Here's a version of the whole 45 minutes. A little three-year-old boy tried to stop and listen, but his mother tugged him along. One woman recognized him. Seven people stopped in 45 minutes.

That sent me to listening to Lord of the Rings music. I may spend the day watching movies. I dreamed the end of Rain Crow and need to get it out of my mind.

Sharyn Ekbergh said...

Yesterday I sat in the sun reading Lincoln in the Bardo on the library steps. Today we are getting heavy snow. Could be eight inches.

Spring. Three steps forward, two back. The frogs like to start their concert in mid-April. Hope that happens.
What a lovely post, Janet, to read while watching the snow we are all so tired of blanket the world.

You never know what random act of kindness is going to save someone’s day or life.

Maybe you should quit agenting and write a book!

We had a children's librarian whose kindness my sister and I will never forget.

Sharyn Ekbergh said...

Something that astounds me (in the line of people just doing their job) is when a person with a really crappy job is helpful and kind.
We were in Big Block Store a few days ago and the Larger Person wanted some fake fur for a model he was building. The fabric clerk found he only needed a small bit and said she was allowed to give away an inch of any fabric as a sample. So she cut an inch for him for free and he was happy.
She certainly didn't have to do that. She could have just let him think he had to buy way more than he needed.
And now I'm wondering if she just made that up since I can't imagine Big Block Store giving away anything.

Colin Smith said...

Sharyn: Maybe you should quit agenting and write a book!

I hear Carkoon is particularly dreadful this time of year... ;)

Sherry Howard said...

Beautiful story today, Janet! Your words uplifted because we all need these everyday reminders that there are good and wonderful things around us, even when they are disguised as subway buskers.

I was a principal in a huge middle school. When they replaced our lunch ladies with pre-prepared cardboard healthy food I felt like they removed the heartbeat of our schools. It is a shame such decisions are made based only on finances by people who sit far away from the children's they serve. Lunchroom ladies rock! Yeast rolls beat out chocolate chip cookies any day with their smell!

Amy Johnson said...

Beautiful post and beautiful comments. Thank you.

Gets me thinking about our work and our everyday.

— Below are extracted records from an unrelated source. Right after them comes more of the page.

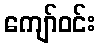
ကျော်ဝင်း
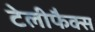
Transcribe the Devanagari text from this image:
टेलीफैक्स
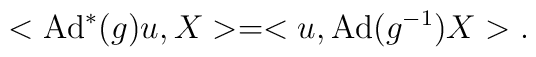
<\mbox{Ad}^*(g)u,X>=<u,\mbox{Ad}(g^{-1})X>.
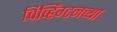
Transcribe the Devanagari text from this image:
चिव्हिंग्टनच्या
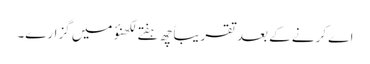
اے کرنے کے بعد تقریباً چھ ہفتے لکھنؤ میں گزارے۔
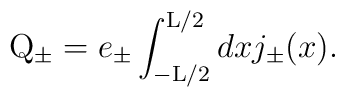
{\rm Q}_{\pm} = e_{\pm} \int_{-{\rm L}/2}^{{\rm L}/2} dx j_{\pm}(x).
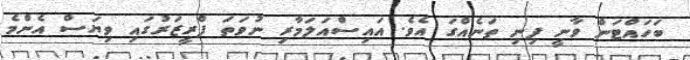
ބަހައްޓަން ވާނީ ފިނި ތަނެއްގަ އެވެ. އައިސްއަލަމާރި ނުވަތަ ފްރީޒަރުގައި ވިޔަސް އެންމެ
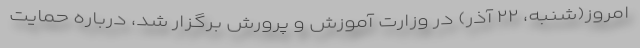
امروز(شنبه، ۲۲ آذر) در وزارت آموزش و پرورش برگزار شد، درباره حمایت
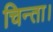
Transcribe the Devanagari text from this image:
चिन्ता।
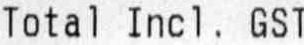
TOTAL INCL. GST
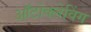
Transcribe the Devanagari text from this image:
ऑटोक्लेविंग
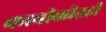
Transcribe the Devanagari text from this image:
कावीळीतही
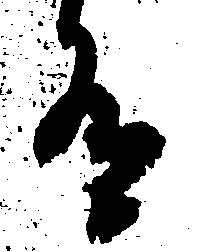
有
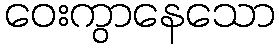
ဝေးကွာနေသော
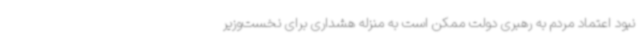
نبود اعتماد مردم به رهبری دولت ممکن است به منزله هشداری برای نخست‌وزیر
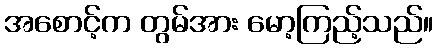
အစောင့်က တွမ်အား မော့ကြည့်သည်။
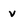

Like when I'm walking into a store and the person in front of me reaches back and holds the door open for me. Didn't have to. I'm able-bodied and perfectly capable of opening a door. But getting a smile (doesn't cost a thing to give one) and not having a door slam shut in my face, well, it's nice when someone does a little something nice for you.

Wow, all this here today almost has me going all weepy-weep-weep. No, no. Mustn't let it get to that. Quick, Amy, think of something you'll find funny. Really, Janet, as a child you didn't like being told what to do? And you still don't? Really really?

Panda in Chief said...

Finding the beauty in the moment is a marvelous thing. Thank you for this post.
Yesterday the sun was out and I found a dog toothed violet in bloom, spared by the slugs.
Today the rain returns.

Julie Weathers said...

Yesterday, while I was at the pain clinic and waiting in my little wheel chair to leave, an elderly lady came in on her walker. She stopped and asked a young lady waiting at the elevator where to find something. The directions were pretty simple. Go down the hall and turn left. You could only turn two ways, right or left and the office would be on the left. The woman kept asking. So the young lady with her coffee cup, water bottle, high heels and all said, "Would you like me to show you? Come with me. I'll just take you." And off they went visiting along the way like they were old friends.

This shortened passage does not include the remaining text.